Menangis adalah respons alami manusia terhadap berbagai perasaan, seperti kesedihan, kebahagiaan, atau ketakutan. Namun, ketika seseorang menjalankan ibadah puasa, muncul pertanyaan: apakah menangis dapat membatalkan puasa?

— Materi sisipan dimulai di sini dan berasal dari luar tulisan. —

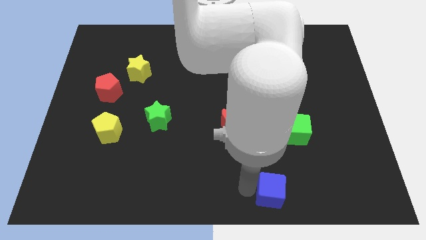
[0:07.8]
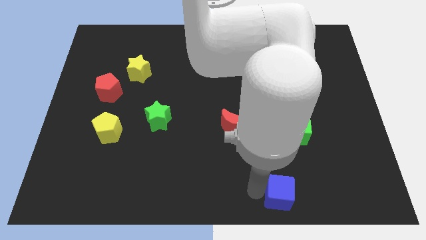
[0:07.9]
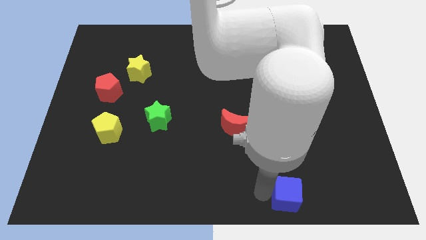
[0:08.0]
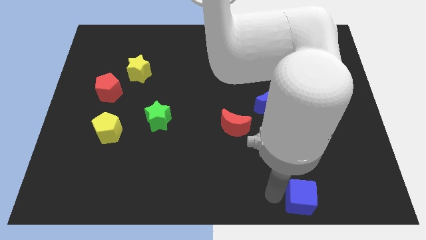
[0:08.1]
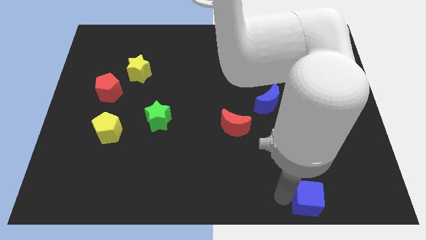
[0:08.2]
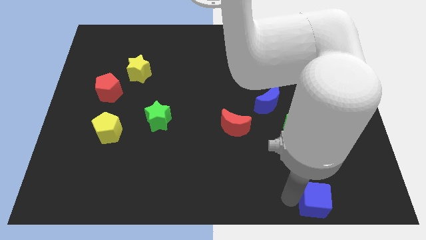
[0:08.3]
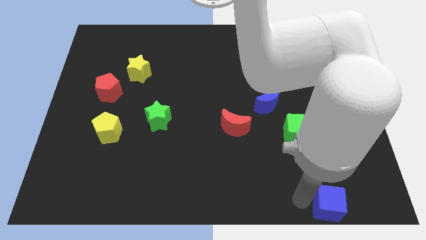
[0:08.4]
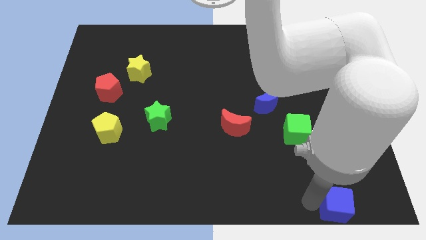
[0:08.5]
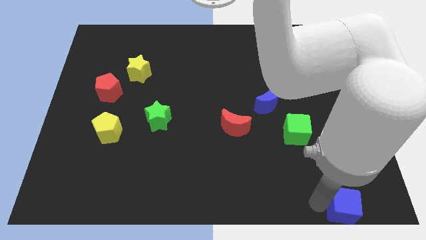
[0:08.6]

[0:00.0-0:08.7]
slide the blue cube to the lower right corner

10 Hal yang Membatalkan Puasa Menurut Syekh Ibnu Qasim

Dalam kitabnya, Syekh Ibnu Qasim menjelaskan bahwa ada 10 hal yang dapat membatalkan puasa, yaitu:

  1. Masuknya sesuatu ke dalam tubuh melalui lubang-lubang alami, seperti mulut, hidung, telinga, qubul, dan dubur. Contohnya, makan, minum, atau memasukkan cotton buds ke telinga.
  2. Masuknya sesuatu ke dalam tubuh melalui jalur yang tidak biasa, seperti luka yang mencapai otak.
  3. Memasukkan obat melalui anus atau alat kelamin, misalnya menggunakan supositoria.
  4. Muntah dengan sengaja.
  5. Sengaja berhubungan badan saat berpuasa. Jika terjadi saat puasa Ramadan, ada konsekuensi kafarah yang lebih berat.
  6. Sengaja mengeluarkan mani, baik dengan tangan maupun cara lainnya, seperti onani dan masturbasi. Berbeda dengan mimpi basah (ihtilam), yang tidak membatalkan puasa.
  7. Haid dan nifas. Jika seorang wanita mengalami haid atau nifas sebelum waktu berbuka, maka puasanya batal.
  8. Gila atau hilang akal. Jika seseorang mengalami gangguan mental sementara atau hilang kesadaran sepanjang hari, puasanya batal.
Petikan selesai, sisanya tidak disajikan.